-- Your assignment --
Make an exact copy of all the entries, but do not reproduce the pictures.

-- Supplied records --
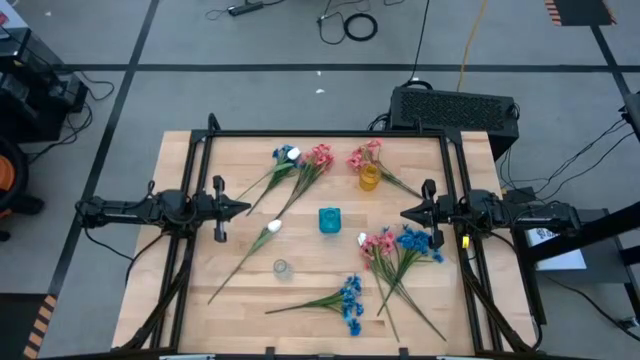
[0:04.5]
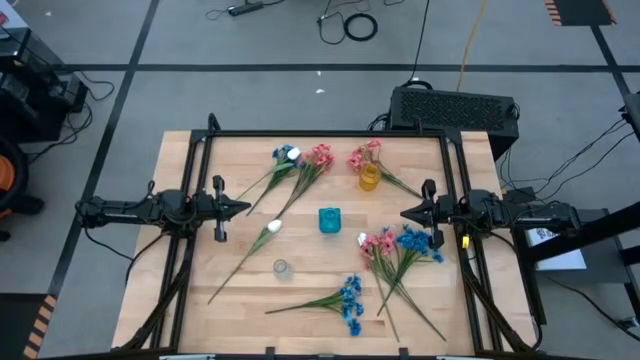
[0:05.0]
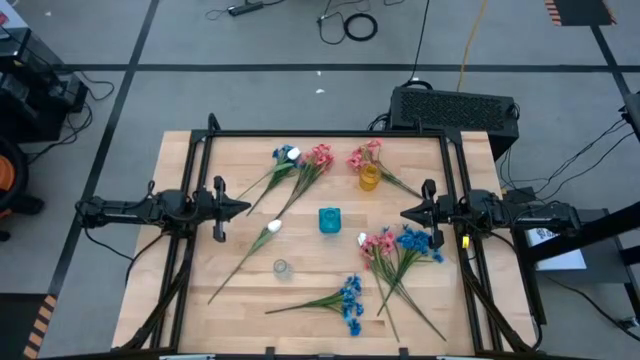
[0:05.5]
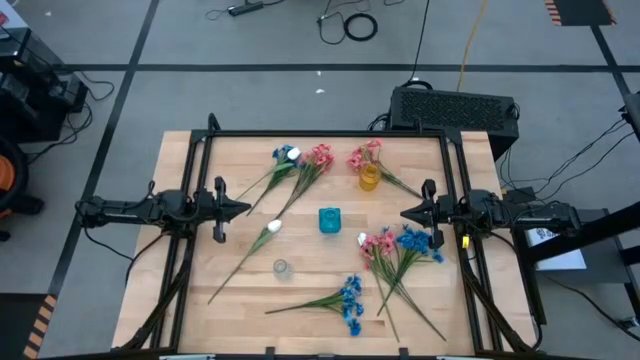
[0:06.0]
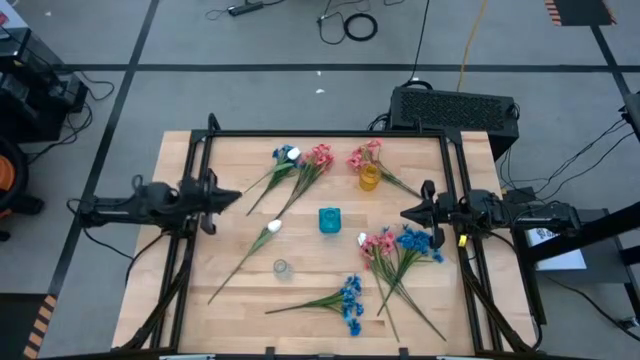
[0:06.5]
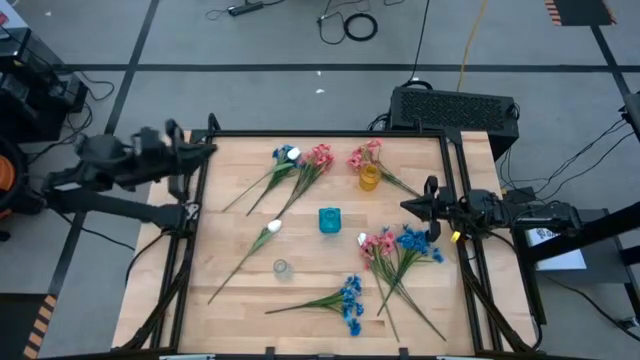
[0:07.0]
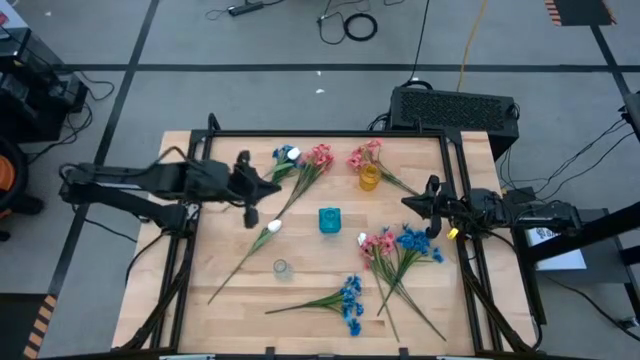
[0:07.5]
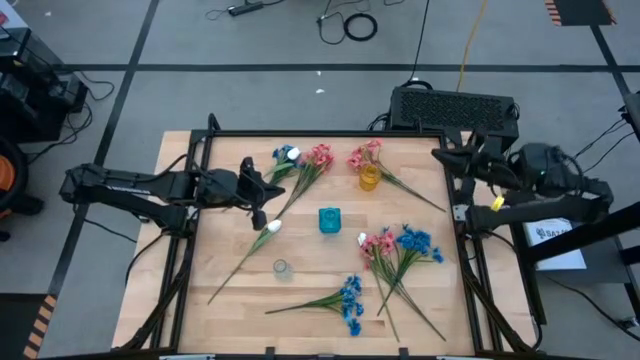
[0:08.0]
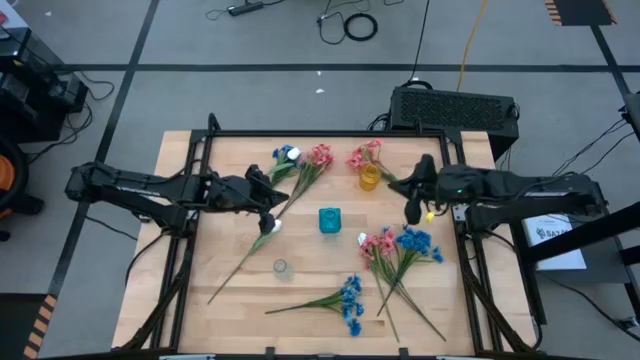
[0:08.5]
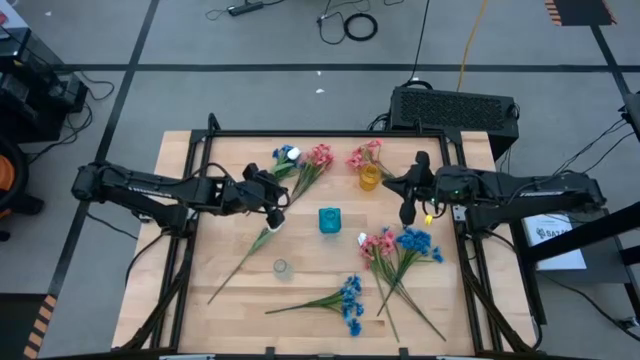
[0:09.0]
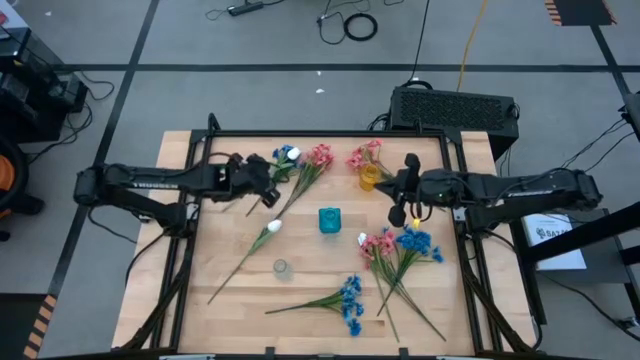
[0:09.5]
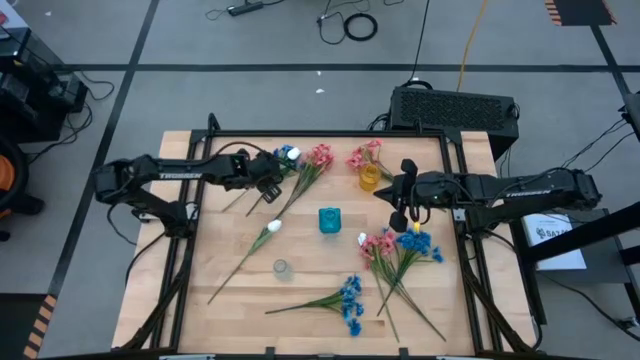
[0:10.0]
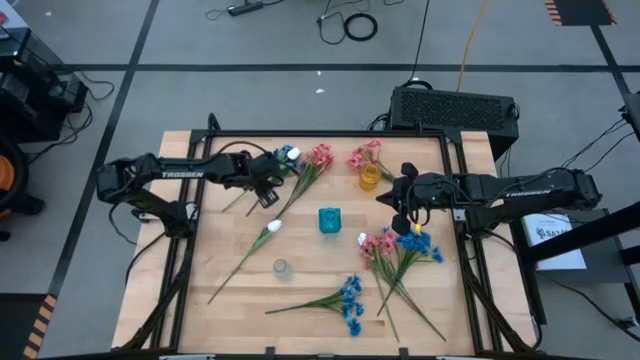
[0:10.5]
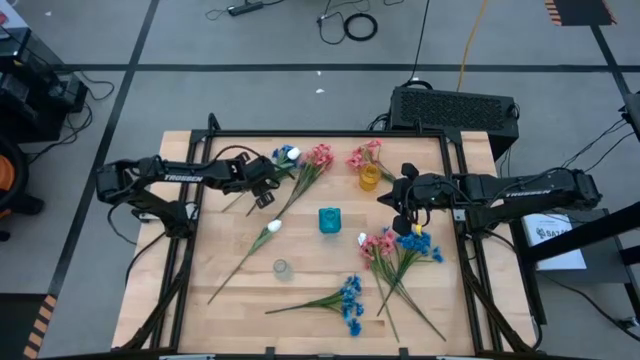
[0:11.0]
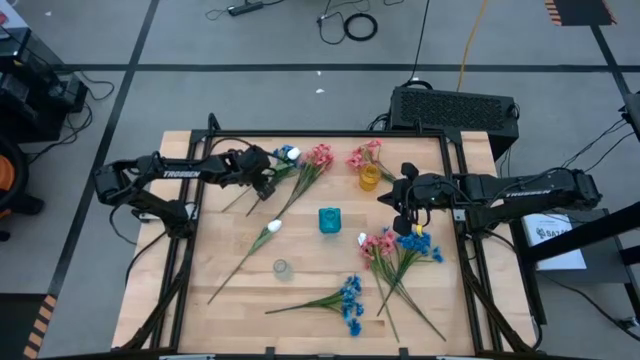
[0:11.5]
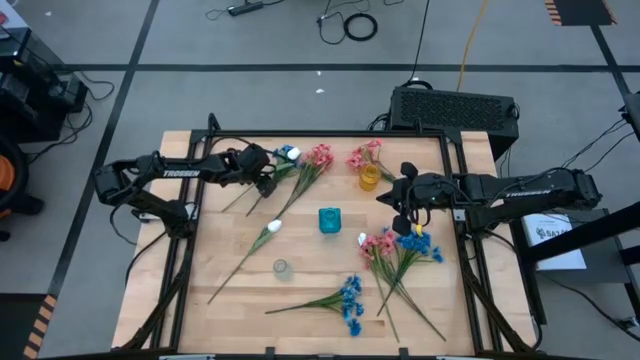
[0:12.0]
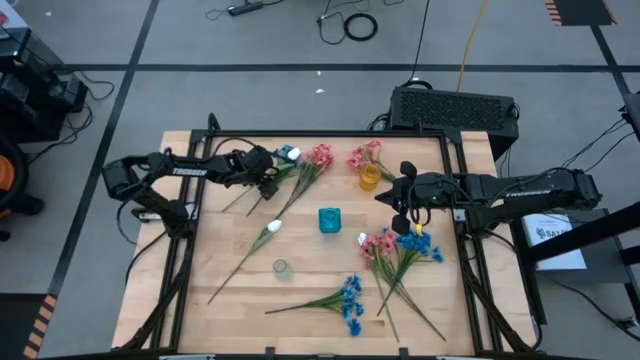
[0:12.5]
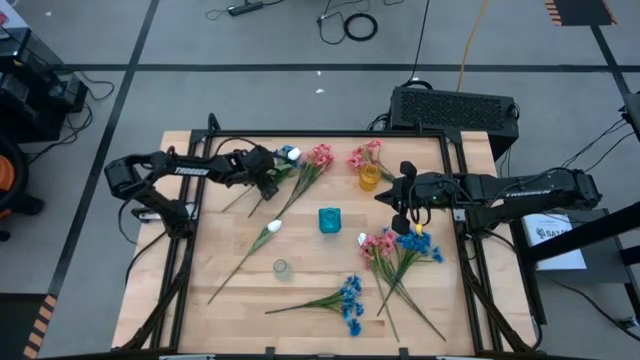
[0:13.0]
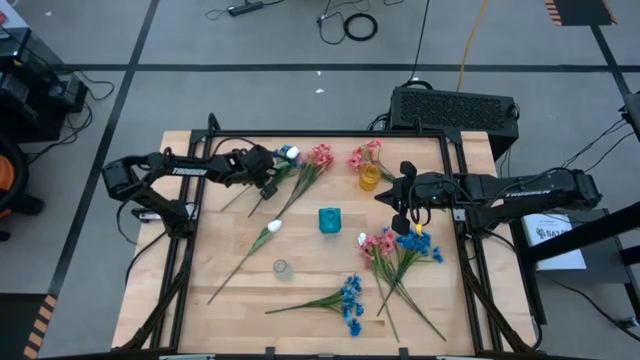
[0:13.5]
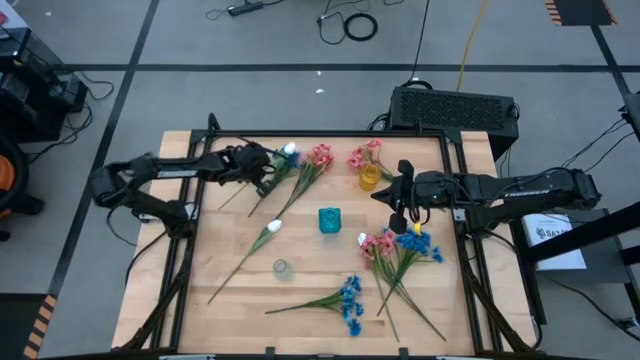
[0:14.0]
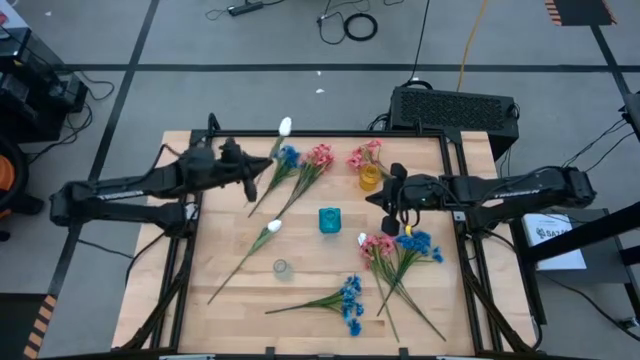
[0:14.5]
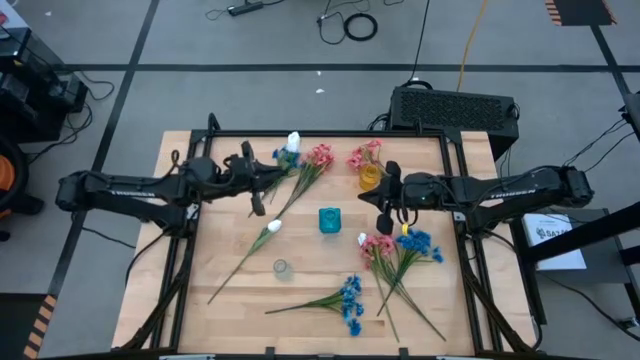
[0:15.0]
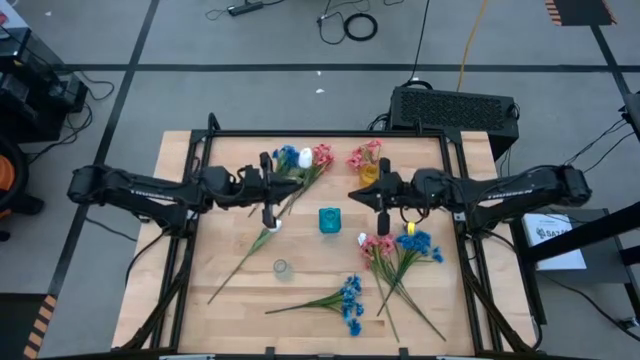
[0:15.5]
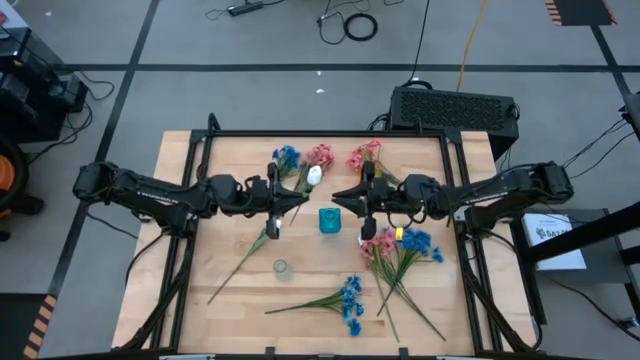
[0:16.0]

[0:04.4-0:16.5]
Task: Sort flowers into vase by color
Put the top white tulip into the yellow vase

-- Finished exercise --
[0:04.5]
[0:05.0]
[0:05.5]
[0:06.0]
[0:06.5]
[0:07.0]
[0:07.5]
[0:08.0]
[0:08.5]
[0:09.0]
[0:09.5]
[0:10.0]
[0:10.5]
[0:11.0]
[0:11.5]
[0:12.0]
[0:12.5]
[0:13.0]
[0:13.5]
[0:14.0]
[0:14.5]
[0:15.0]
[0:15.5]
[0:16.0]

[0:04.4-0:16.5]
Task: Sort flowers into vase by color
Put the top white tulip into the yellow vase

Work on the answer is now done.